» **TASK PROMPT**
Whenever a line below includes "data", add it to the tally, then give the total and nothing more.

*** LISTED RECORDS ***

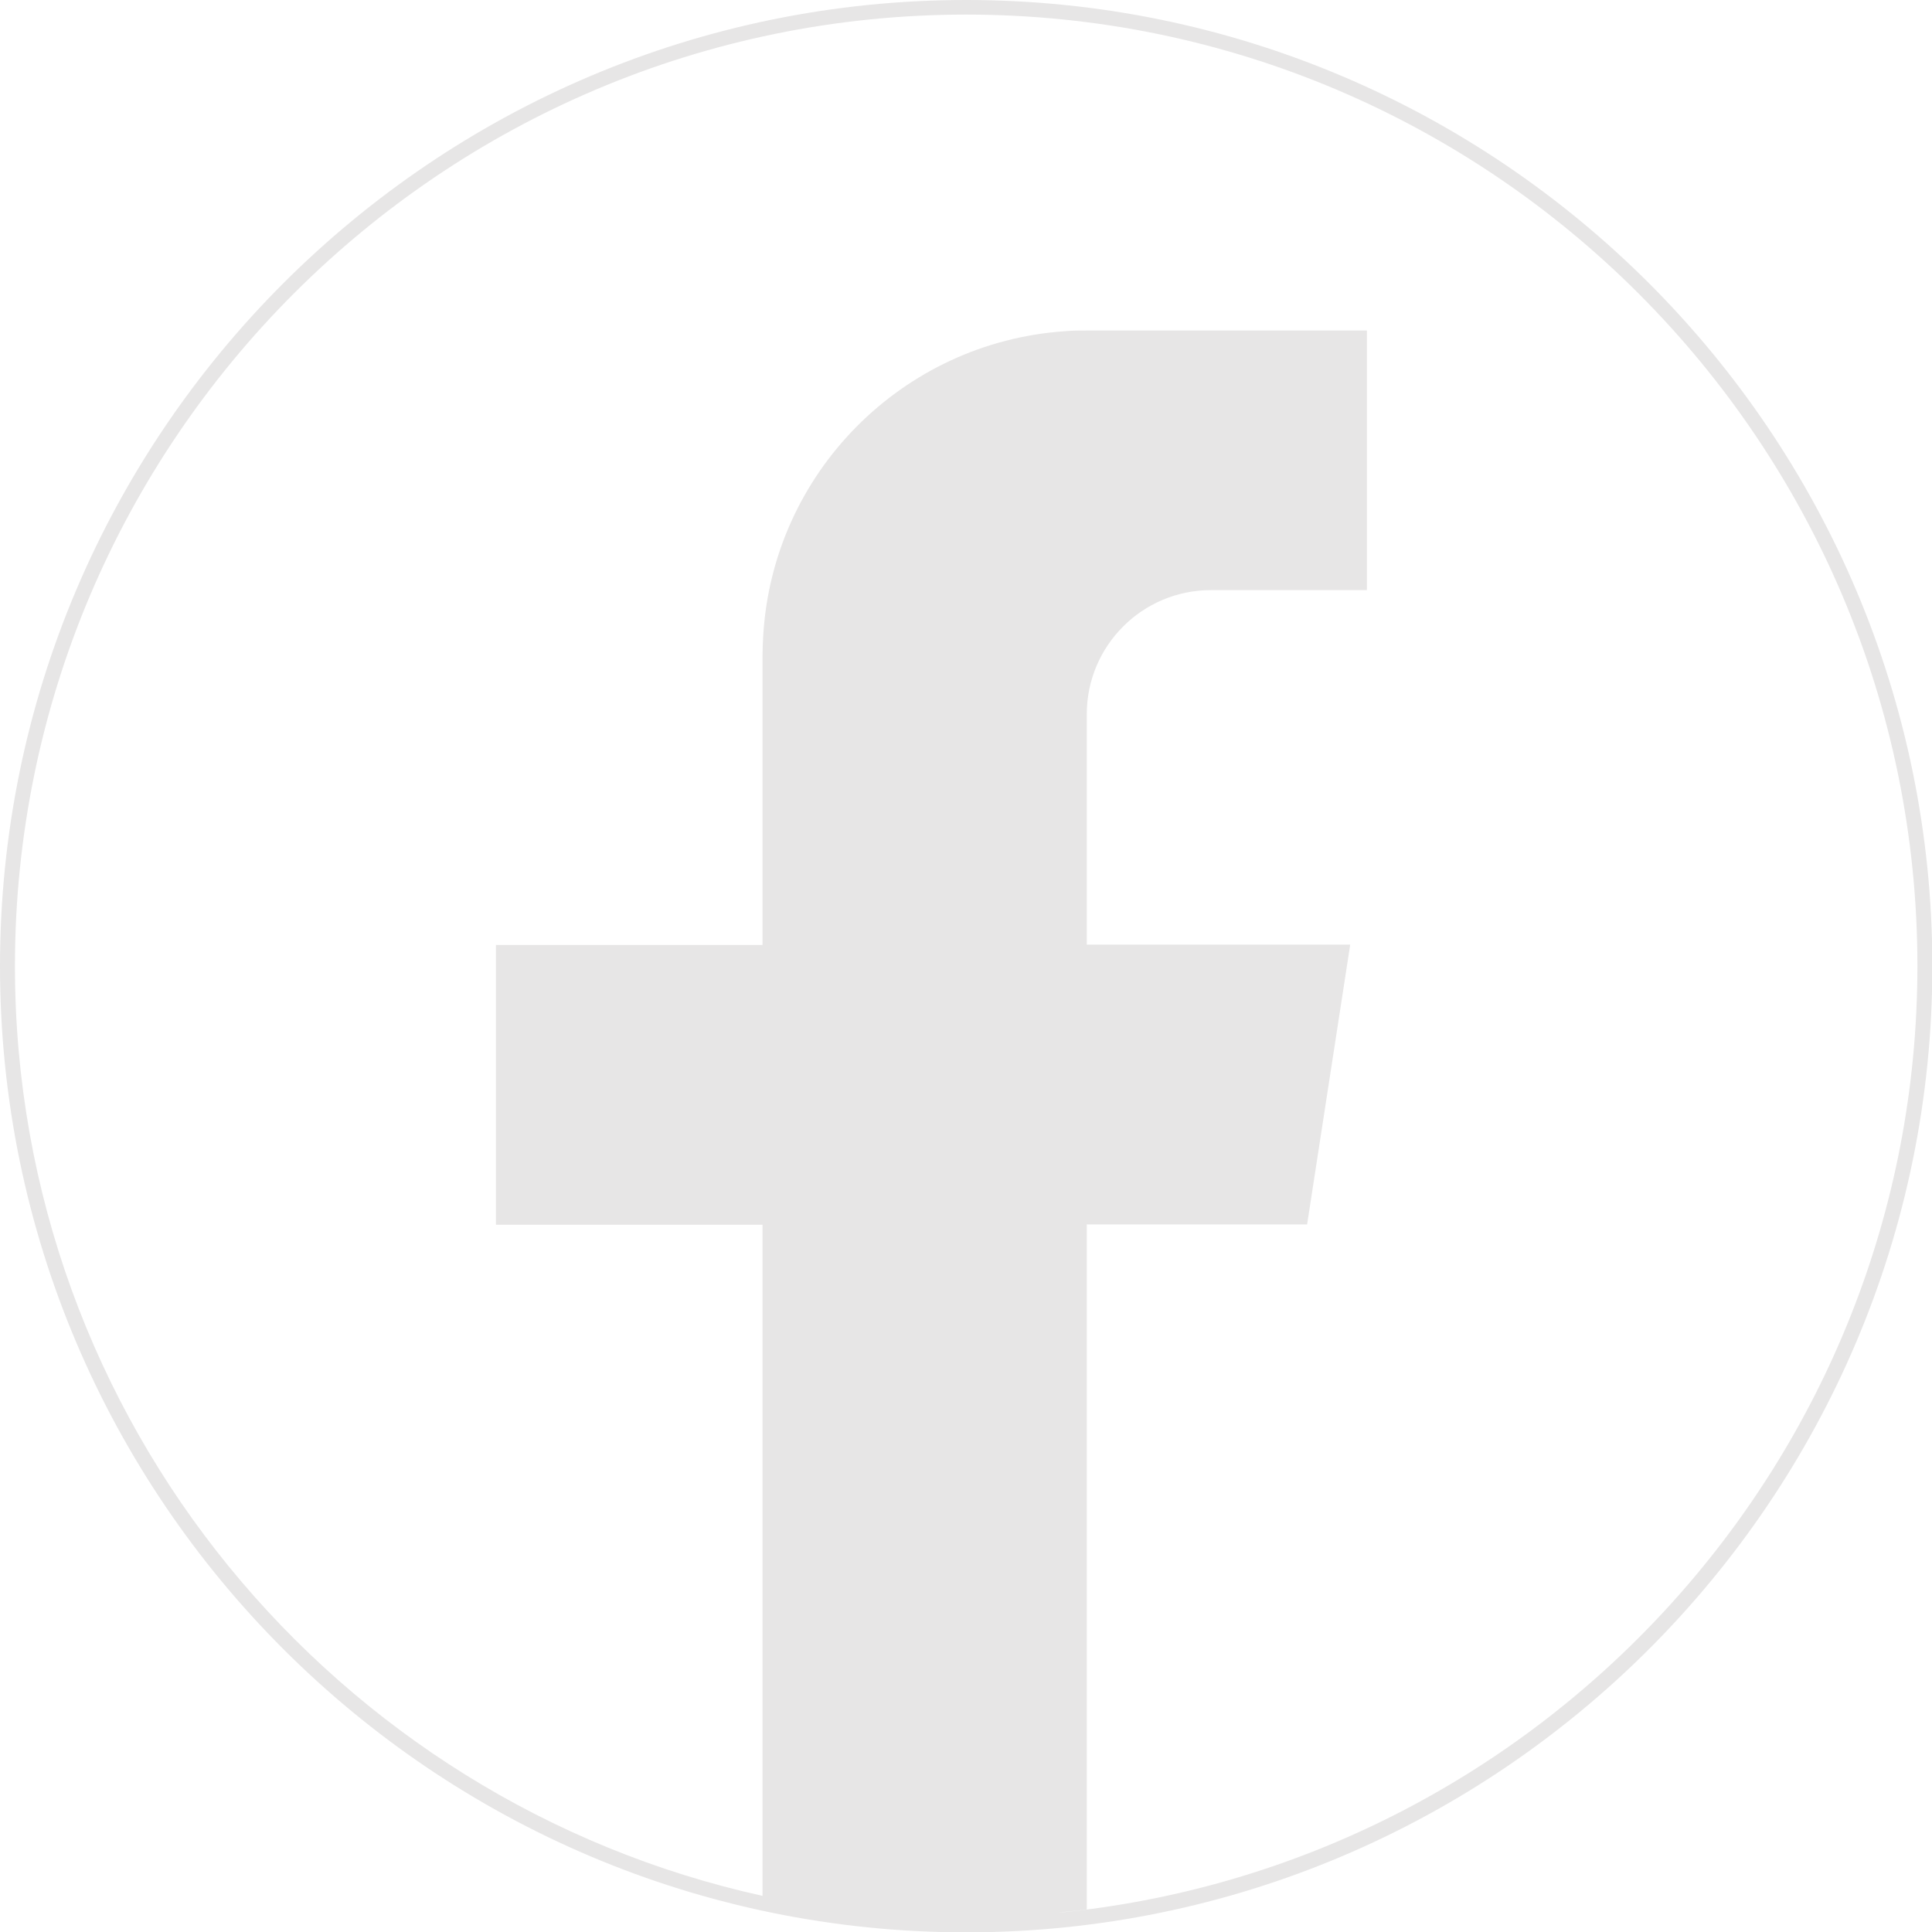 <?xml version="1.0" encoding="UTF-8"?>
<svg id="_圖層_2" data-name="圖層 2" xmlns="http://www.w3.org/2000/svg" viewBox="0 0 55.59 55.59">
  <defs>
    <style>
      .cls-1 {
        fill: #e7e6e6;
      }
    </style>
  </defs>
  <g id="_圖層_3" data-name="圖層 3">
    <path class="cls-1" d="M27.8,0C12.47,0,0,12.47,0,27.8s12.47,27.8,27.8,27.8,27.8-12.47,27.8-27.8S43.13,0,27.8,0ZM30.41,55.04c.29-.04.58-.06.86-.1v-19.71h6.34l1.24-8.05h-7.58v-6.63c0-1.97,1.6-3.57,3.57-3.57h4.49v-7.47h-8.05c-.22,0-.43,0-.64.02-4.68.32-8.41,4.08-8.68,8.77-.01.18-.02.36-.02.55v8.34h-7.67v8.05h7.67v19.31C9.65,51.84.43,40.88.43,27.8.43,12.7,12.7.42,27.8.42s27.37,12.28,27.37,27.37c0,14.21-10.89,25.92-24.76,27.25Z"/>
  </g>
</svg>

*** End of LISTED RECORDS ***

» **ANSWER AREA**
2